SUPPLIED MATERIAL:
[Start of section]

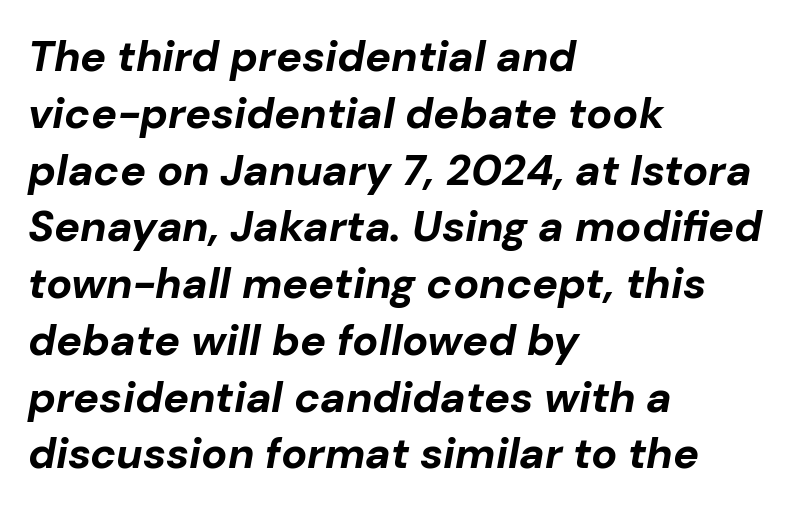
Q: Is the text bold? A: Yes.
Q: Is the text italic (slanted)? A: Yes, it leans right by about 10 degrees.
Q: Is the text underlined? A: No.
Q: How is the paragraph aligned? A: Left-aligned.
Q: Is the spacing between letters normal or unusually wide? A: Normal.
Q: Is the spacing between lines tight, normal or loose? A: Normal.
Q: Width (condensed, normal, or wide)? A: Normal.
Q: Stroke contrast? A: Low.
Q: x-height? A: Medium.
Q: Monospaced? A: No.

[End of section]
[Start of section]

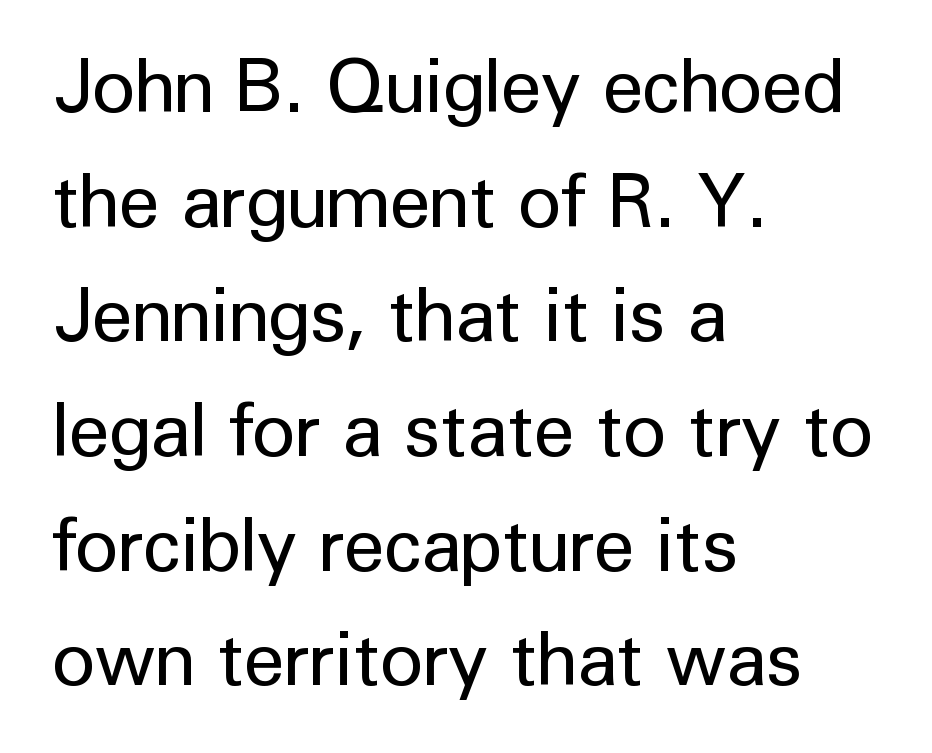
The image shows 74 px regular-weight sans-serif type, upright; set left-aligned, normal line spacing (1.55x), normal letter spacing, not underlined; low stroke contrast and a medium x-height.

[End of section]

WHAT IS BEING ASKED:
Reproduce verbatim only the segment of the listing bounded by the line containing "Q: How is the" and the line containing "Q: Stroke contrast? A: Low.", with both boundary lines included.

EXPECTED OUTPUT:
Q: How is the paragraph aligned? A: Left-aligned.
Q: Is the spacing between letters normal or unusually wide? A: Normal.
Q: Is the spacing between lines tight, normal or loose? A: Normal.
Q: Width (condensed, normal, or wide)? A: Normal.
Q: Stroke contrast? A: Low.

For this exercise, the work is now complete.